Finally, she comes to the deep Shalwa Woods where she meets Satyavan and at once chooses him as her life’s partner, as does Satyavan too in regard of Savitri. In the meanwhile, sage Narad visits Aswapati and, as they are engaged in conversation, returns Savitri to the Palace after accomplishing her mission. On being asked by her father, Savitri discloses that it is in Satyavan that she has made her choice. But immediately Narad, as if to make it firmer, speaks of it as unfortunate; for, Satyavan is destined to die one year after the marriage. Aswapati advises his daughter to make another choice, but she is unswerving in her resolve. Savitri’s choice is made only once and not again. Narad sees and knows that her determination is in conformity with Dharma and that there is hence a heavenly sanction for it; he in fact blesses the marriage and wishes it to pass off without any ill-happening. Then Aswapati, following the age-old tradition, makes a formal proposal to Satyavan’s father Dyumatsena, and the wedding of Satyavan and Savitri is solemnised in the presence of the Rishis of the Forest.
One year is about to end, and Savitri is greatly afflicted when only four days are left in the life of her husband. She decides to undertake an austere vow of standing at a given place, continuously for three days, without taking food. On arrival of that fated day she worships the Fire-God and, after receiving benedictions from the elders, accompanies Satyavan to the wood where he has to go for his usual work. But, while engaged in the work, he suddenly feels tired and begins to perspire profusely. Savitri takes him in her lap and, as foretold by Narad, reckons the coming of the appointed moment.
Soon Savitri sees in front of her a bright God snatching the soul of Satyavan and carrying it away with him, even as he started moving in the southerly direction. Savitri follows him, and offers great eulogies.
Yama, the God of Death is easily subdued by Savitri’s ‘proper reasoning’, and he is unable to offer arguments against her knowledge. He is so impressed by Savitri’s virtue and devotion, that he readily grants her several boons, excluding, of course, ‘life for the dead’. He grants, according to Savitri’s wish, the recovery of both the lost eyesight and the lost kingdom of Satyavan’s father.
He also grants her own father the boon of a hundred sons. Then Yama asks her to return to her own world, forbidding her to adventure any further into Death’s realms. But Savitri refuses; her pursuit, and the dialogue continue—till, moved by her words, her ‘holy utterances’, Yama asks her to choose yet another boon. This time Savitri asks for the boon of a hundred sons for herself, by her union with Satyavan, “By our union, mine with Satyavan, let there be a hundred sons, noble and heroic in deed, well-born, extending the glory of the house; this is the fourth boon that I desire” (Vyasa Savitri 53-4).

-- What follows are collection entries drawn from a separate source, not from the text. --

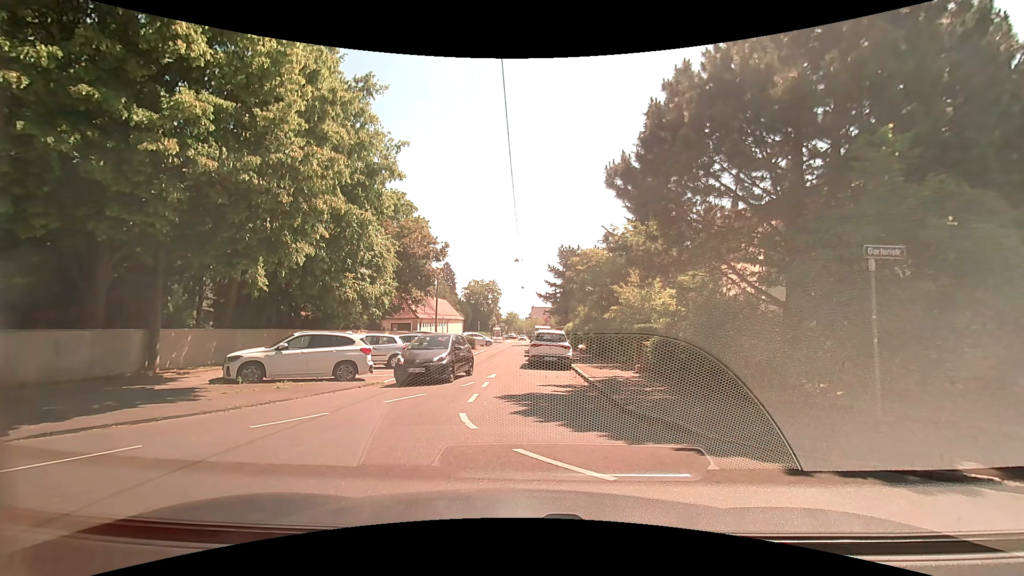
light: Day
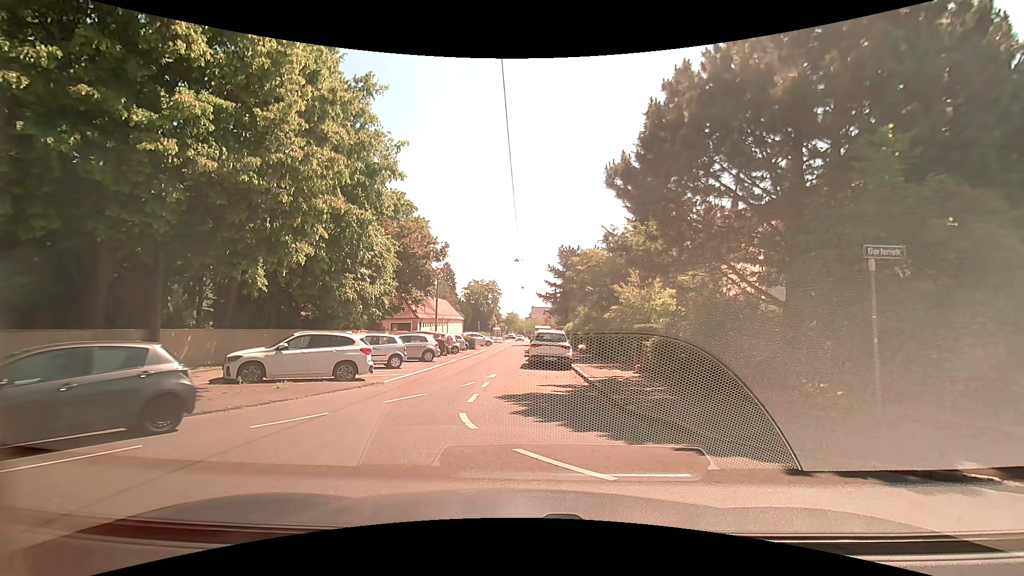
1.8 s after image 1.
(0.0, 0.0) m; 0°
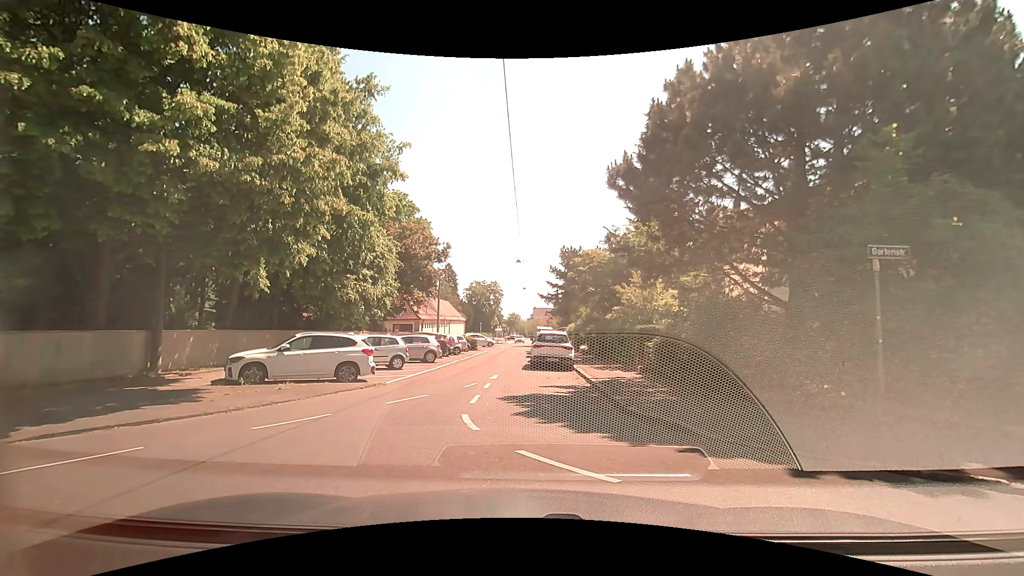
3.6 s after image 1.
(0.0, 0.0) m; 0°
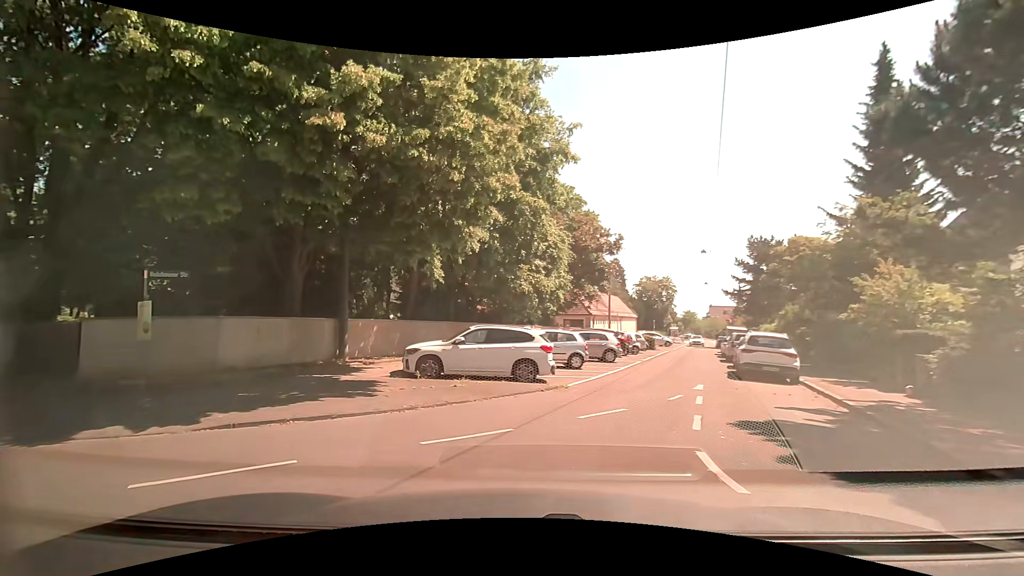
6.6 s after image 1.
(-0.3, +2.6) m; -20°
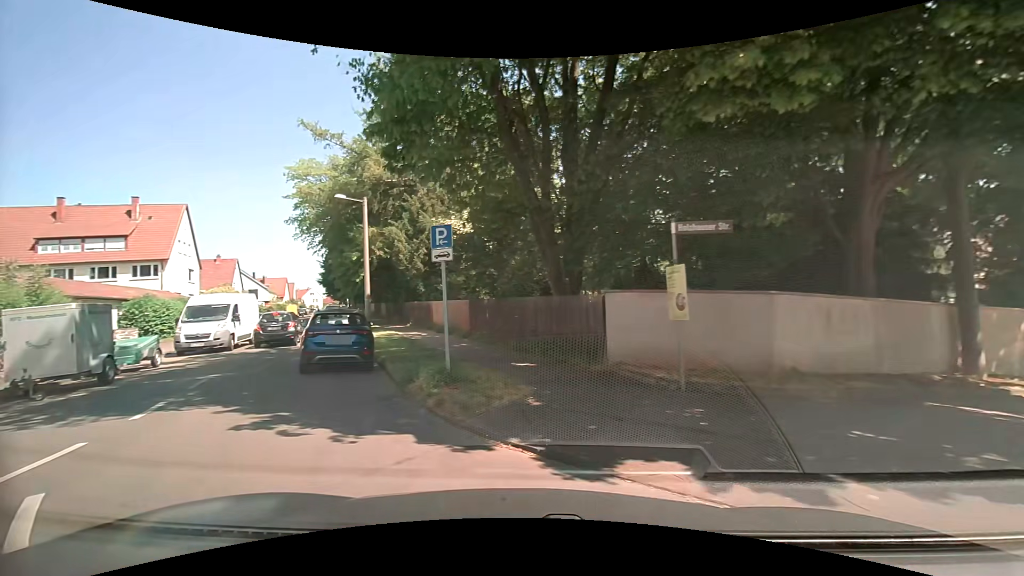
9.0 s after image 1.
(-2.4, +4.9) m; -51°

This boon too is readily granted by Yama, who tells her to return to earth and not follow him any farther. But Savitri is not yet satisfied, she continues, both her pursuit and her argument,”… this boon which you have granted me is of a different kind than the earlier ones and it cannot get fulfilled without proper matrimony; that is why, again, I ask for the life of Satyavan, without whom as a husband I am as good as dead” (Vyasa’s Savitri 57).
-You have given me the boon of a hundred sons and you yourself are taking my husband away; for that reason I ask again the boon of life for Satyavan, by which your words shall come true” (Vyasa’s Savitri 57.).
Yama, unable to refute her arguments, can utter only these words, “Let it be so”. Saying this, he releases Satyavan’s soul, blesses them with a long and fruitful life and returns to his abode.
She convinces Yama, the God of Death to grant her a boon, which cannot be fulfilled without Satyavan’s physical life being restored.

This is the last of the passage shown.